Super Baseball 2020 (Note: Also known as in Japan.) is a 1991 baseball video game developed by Pallas and published by SNK for the Neo Geo arcade and home platforms. It was ported to the Neo Geo AES console a month after its release, followed by ports for the Sega Genesis and Super Nintendo Entertainment System in 1993. The North American Genesis and European Mega Drive versions feature a package illustration by Electronic Arts artist Marc Ericksen.
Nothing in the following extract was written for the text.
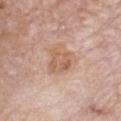The lesion was tiled from a total-body skin photograph and was not biopsied.
Located on the chest.
A male patient aged 83 or older.
A 15 mm close-up tile from a total-body photography series done for melanoma screening.
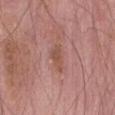{"site": "abdomen", "patient": {"sex": "male", "age_approx": 75}, "image": {"source": "total-body photography crop", "field_of_view_mm": 15}, "lesion_size": {"long_diameter_mm_approx": 3.5}}
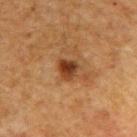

The gameplay and rules build upon its predecessors Baseball Stars Professional and Baseball Stars with futuristic upgrades befitting of the year 2020 AD, including robot players and technological upgrades for the humans, including powerful armor, computer sensors, jet-packs.

==Gameplay==

Gameplay screenshot from the original Neo Geo version.

In addition to the futuristic characters, the field has been jazzed up in the form of Cyber Egg Stadium. The bleachers are covered by glass so beyond the playing surface, it's as if the spectators are sitting under an elevated portion of the field. To balance the overly powerful hitters, the only opening for home-runs is in dead center. Foul territory has been reduced to the area behind first base, home and third base, not extending past the second-based lines into the outfield increasing the opportunities for hits.

New on-field features include stop zones near first and third bases that cause a batted ball to stop dead, jump zones that give an acrobatic boosts to fielders (located in front of the home run window on the Super SNES version). On all releases except the Super SNES version, landmines called crackers are thrown on the field to inhibit the defence.

===Players===
In line with the Baseball Stars series, this game includes male and female characters, with the addition of robots. All three types of players have the same basic abilities and vary by their personal strengths. Robot players can blow up (or lose all their power) if they are worked too hard during a game, by constantly diving for the ball, running extra bases, or getting hit by a pitch. Under no stress whatsoever, some robots, especially pitchers, will naturally run out of power as the game progresses. When this happens, they will lose all their abilities and become useless. When that occurs, the manager can either power them up or replace them with another player on the roster. Human players do not blow up, but human pitchers can tire out. leading them to pant heavily and throw the ball very slowly. This can be remedied by either an upgrade or, as in real baseball, switching to a relief pitcher.

===Powering up===
A distinguishing feature of Super Baseball 2020 and its predecessors is the ability to power-up any character. During the game, players can earn money doing certain things, ranging from throwing a strike ($100) to hitting a grand slam ($10,000), or lose money for being put out [$100]. Money does not carry over to the next match, but can be spent at any time during the game to upgrade the hitting, fielding or pitching of human players of human players, to upgrade a robot's model, or to convert a human to a glowing robot. Upgrades are categorized as levels A,B and C, with their own costs and percentage increases. Similar to the money, the upgrades do not carry over to the next match, and players that explode or power down effectively lose their abilities but can remain in the game to stand around.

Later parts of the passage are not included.